German retail group Metro sees a light at the end of the Covid tunnel. The company is sticking to its targets for the current 2020/21 financial year, but the trajectory is changing slightly.
Covid as the common thread
Whilst wholesaler Metro previously aimed for a steady recovery curve, it is now counting on a longer period of all sorts of restrictions, followed by a sharper recovery once normal life resumes. The update on the forecast comes on the sidelines of the figures for the first quarter of the 2020/21 broken financial year, which ended on 31 December 2020.
The important year-end quarter shows once again the heavy toll the coronavirus is taking. There has been a 16 per cent drop in turnover to 6.3 billion euros, an operating profit that is just under 40 per cent lower at 200 million euros and a net profit that is 18.4 per cent lower at 99 million euros. These are not exactly cheerful figures.
Western Europe as a weak little brother
Covid is the common thread throughout the quarterly report. “The developments of the individual divisions were affected by Covid-19 to varying degrees,” Metro says in its accompanying commentary. This was particularly noticeable in regions where hotel and catering customers make up an important part of the business.
Metro specifically refers to Western Europe as the affected region. That area, which does not include homeland Germany, had the worst performance of all, with a drop in turnover of almost a quarter. This is primarily due to the very strict Covid measures in France, Italy and Spain.
Longer wait, but stronger recovery
The coronavirus remains the key theme in the outlook for the remainder of the current financial year. Metro notes it remains extremely difficult to predict the course of the health crisis and the associated government measures. Nevertheless, Metro’s management is bold enough to confirm its forecast for the year, which was issued at the closing of the previous financial year.
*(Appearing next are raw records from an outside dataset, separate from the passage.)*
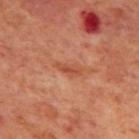The lesion was tiled from a total-body skin photograph and was not biopsied. The total-body-photography lesion software estimated a lesion color around L≈48 a*≈28 b*≈34 in CIELAB. The software also gave a color-variation rating of about 0.5/10 and a peripheral color-asymmetry measure near 0. A male subject aged approximately 70. A 15 mm close-up tile from a total-body photography series done for melanoma screening. From the mid back. Imaged with cross-polarized lighting.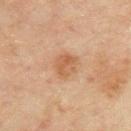follow-up: imaged on a skin check; not biopsied
subject: male, in their mid-40s
imaging modality: total-body-photography crop, ~15 mm field of view
automated lesion analysis: an average lesion color of about L≈50 a*≈19 b*≈32 (CIELAB) and about 8 CIELAB-L* units darker than the surrounding skin; a border-irregularity rating of about 2/10, a color-variation rating of about 3.5/10, and peripheral color asymmetry of about 1.5; an automated nevus-likeness rating near 5 out of 100
anatomic site: the upper back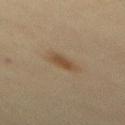{"biopsy_status": "not biopsied; imaged during a skin examination", "lighting": "cross-polarized", "site": "mid back", "patient": {"sex": "female", "age_approx": 45}, "lesion_size": {"long_diameter_mm_approx": 3.0}, "automated_metrics": {"border_irregularity_0_10": 2.5, "color_variation_0_10": 1.5, "peripheral_color_asymmetry": 0.5, "nevus_likeness_0_100": 90, "lesion_detection_confidence_0_100": 100}, "image": {"source": "total-body photography crop", "field_of_view_mm": 15}}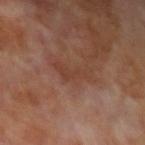This lesion was catalogued during total-body skin photography and was not selected for biopsy. Located on the left upper arm. Automated tile analysis of the lesion measured a lesion area of about 5 mm², an eccentricity of roughly 0.95, and a shape-asymmetry score of about 0.55 (0 = symmetric). The software also gave an average lesion color of about L≈39 a*≈21 b*≈27 (CIELAB), about 5 CIELAB-L* units darker than the surrounding skin, and a normalized border contrast of about 5. The software also gave a border-irregularity rating of about 6.5/10, internal color variation of about 0.5 on a 0–10 scale, and radial color variation of about 0. A 15 mm crop from a total-body photograph taken for skin-cancer surveillance. The patient is a male about 70 years old.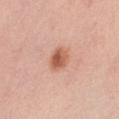Impression: Imaged during a routine full-body skin examination; the lesion was not biopsied and no histopathology is available. Image and clinical context: Approximately 3 mm at its widest. The subject is a female about 35 years old. An algorithmic analysis of the crop reported a border-irregularity index near 1.5/10 and peripheral color asymmetry of about 1.5. And it measured a classifier nevus-likeness of about 100/100. Located on the left thigh. Captured under white-light illumination. This image is a 15 mm lesion crop taken from a total-body photograph.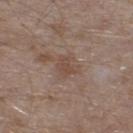Case summary:
• workup · imaged on a skin check; not biopsied
• image source · total-body-photography crop, ~15 mm field of view
• location · the left lower leg
• subject · male, in their mid-40s

However, the bar has not been set spectacularly high: Metro aims for a turnover that will be “slightly lower than last year”. The scenario that is now assumed is a continuation of government restrictions that will last at least partially until the end of the second quarter (until 31 March for Metro). After that, the group aims for a “significant and rapid recovery” in the hospitality and tourism industries. However, this forecast is slightly different from the preceding one.
Metro is now assuming a slower evolution towards recovery, but recovery should ‘pick up’ much quicker because Metro imposed a stricter cost discipline during the crisis. Such an organisation, which has been made more ‘lean and mean’, should be able to turn the tide on the recovering activities. Incoming new CEO Steffen Greubel, who officially starts on 1 May, will know what to do.